Have 2–3 people label the same examples. Measure agreement (Cohen's kappa, Krippendorff's alpha). If agreement is low (<0.8), guidelines are unclear. Refine.
Don't label randomly. Train a model on labeled data. Find examples the model is uncertain about. Label those first. Maximizes information per label.
Gold set: Maintain a small set of high-quality, carefully labeled examples. Use to spot-check annotator quality. Attention checks: Include obvious examples. Annotators who fail are unreliable.
DVC (Data Version Control): Track dataset versions like code. Commit dataset versions alongside code. Reproducible experiments.
Hugging Face Datasets: Upload and version datasets. Easy sharing. Built-in filtering and split management.

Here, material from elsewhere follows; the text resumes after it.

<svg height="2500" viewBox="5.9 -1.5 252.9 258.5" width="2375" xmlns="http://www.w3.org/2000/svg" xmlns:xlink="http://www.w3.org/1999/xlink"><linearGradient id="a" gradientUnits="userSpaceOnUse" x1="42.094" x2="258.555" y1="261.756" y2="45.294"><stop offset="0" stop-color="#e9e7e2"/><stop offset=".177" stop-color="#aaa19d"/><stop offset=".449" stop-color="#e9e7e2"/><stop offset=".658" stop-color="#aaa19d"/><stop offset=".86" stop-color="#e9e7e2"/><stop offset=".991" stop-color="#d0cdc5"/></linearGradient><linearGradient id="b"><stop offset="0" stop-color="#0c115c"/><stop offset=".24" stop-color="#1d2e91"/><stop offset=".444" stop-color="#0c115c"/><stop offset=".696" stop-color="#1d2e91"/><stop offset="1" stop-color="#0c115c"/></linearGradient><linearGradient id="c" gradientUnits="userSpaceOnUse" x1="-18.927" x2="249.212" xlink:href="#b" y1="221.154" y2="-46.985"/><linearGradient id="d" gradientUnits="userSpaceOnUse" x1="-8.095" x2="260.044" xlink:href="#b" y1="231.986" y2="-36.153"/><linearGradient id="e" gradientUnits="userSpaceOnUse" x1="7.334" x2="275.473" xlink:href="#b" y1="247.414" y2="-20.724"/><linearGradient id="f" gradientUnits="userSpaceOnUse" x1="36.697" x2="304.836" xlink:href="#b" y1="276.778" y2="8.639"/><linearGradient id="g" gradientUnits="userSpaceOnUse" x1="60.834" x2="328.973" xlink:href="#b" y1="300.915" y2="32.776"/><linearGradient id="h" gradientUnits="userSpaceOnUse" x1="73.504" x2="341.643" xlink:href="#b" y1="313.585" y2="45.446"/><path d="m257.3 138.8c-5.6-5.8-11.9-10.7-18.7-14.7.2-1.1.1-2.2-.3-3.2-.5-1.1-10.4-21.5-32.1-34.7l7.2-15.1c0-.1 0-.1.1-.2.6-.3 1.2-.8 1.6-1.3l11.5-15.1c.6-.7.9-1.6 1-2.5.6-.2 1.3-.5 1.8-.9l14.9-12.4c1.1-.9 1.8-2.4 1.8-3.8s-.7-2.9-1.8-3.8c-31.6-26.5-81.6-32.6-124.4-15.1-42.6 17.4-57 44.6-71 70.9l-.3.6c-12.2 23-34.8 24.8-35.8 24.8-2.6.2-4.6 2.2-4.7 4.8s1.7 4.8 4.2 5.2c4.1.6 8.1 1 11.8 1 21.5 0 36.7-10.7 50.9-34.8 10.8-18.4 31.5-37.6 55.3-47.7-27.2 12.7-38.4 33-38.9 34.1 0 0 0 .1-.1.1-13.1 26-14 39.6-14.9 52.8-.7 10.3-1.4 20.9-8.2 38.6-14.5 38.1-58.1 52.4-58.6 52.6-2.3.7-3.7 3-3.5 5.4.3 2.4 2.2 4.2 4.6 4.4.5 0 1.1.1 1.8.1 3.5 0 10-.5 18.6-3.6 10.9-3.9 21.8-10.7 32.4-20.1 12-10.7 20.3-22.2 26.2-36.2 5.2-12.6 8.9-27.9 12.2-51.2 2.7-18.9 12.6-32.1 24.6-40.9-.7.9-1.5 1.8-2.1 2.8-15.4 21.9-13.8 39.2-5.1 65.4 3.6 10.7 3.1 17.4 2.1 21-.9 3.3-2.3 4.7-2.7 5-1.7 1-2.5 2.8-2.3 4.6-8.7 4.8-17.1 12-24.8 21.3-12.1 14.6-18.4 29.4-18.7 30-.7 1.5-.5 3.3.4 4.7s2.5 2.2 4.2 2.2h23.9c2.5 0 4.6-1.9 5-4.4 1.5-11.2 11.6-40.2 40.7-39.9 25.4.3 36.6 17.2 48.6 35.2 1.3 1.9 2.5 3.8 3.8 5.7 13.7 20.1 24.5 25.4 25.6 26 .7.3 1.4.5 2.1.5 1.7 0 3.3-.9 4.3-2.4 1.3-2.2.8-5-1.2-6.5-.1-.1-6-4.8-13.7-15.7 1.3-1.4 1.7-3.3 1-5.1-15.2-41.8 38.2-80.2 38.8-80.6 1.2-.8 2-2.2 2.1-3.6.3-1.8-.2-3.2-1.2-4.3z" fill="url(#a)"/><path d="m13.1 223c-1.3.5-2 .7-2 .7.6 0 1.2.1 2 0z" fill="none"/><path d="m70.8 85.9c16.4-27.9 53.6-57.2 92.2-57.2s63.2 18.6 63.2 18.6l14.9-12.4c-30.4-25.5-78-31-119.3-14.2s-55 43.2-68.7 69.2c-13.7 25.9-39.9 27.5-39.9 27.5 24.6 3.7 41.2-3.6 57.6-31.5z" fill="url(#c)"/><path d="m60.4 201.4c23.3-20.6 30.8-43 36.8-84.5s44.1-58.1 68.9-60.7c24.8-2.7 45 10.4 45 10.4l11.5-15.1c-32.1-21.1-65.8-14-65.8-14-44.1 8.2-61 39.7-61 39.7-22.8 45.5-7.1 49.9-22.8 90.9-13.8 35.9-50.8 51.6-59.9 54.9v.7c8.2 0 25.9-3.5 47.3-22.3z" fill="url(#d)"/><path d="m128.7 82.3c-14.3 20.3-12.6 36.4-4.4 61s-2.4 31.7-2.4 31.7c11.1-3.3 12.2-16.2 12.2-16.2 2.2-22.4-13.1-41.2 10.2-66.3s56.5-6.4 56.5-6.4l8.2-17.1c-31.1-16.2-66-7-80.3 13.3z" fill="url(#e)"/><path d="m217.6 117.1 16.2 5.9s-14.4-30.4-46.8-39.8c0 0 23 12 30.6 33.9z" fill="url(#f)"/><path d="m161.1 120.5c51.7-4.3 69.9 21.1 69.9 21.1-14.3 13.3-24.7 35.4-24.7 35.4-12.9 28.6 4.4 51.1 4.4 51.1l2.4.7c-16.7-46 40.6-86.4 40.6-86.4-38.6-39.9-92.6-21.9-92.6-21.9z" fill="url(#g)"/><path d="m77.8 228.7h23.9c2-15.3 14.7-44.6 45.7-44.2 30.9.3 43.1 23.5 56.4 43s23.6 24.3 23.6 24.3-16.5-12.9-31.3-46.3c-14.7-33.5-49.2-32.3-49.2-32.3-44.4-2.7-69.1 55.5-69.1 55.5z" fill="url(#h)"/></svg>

Record: Where did this data come from? What transformations were applied? Who labeled it? When? Track this in metadata.
Temporal split: Time-series data? Use time as split criterion. Stratified split: Imbalanced classes? Maintain proportions in train/val/test. Domain split: Different domains? Test on unseen domain.
Monitor model performance over time. If it drops, check the data. Distribution shift? New types of queries? Update dataset quarterly.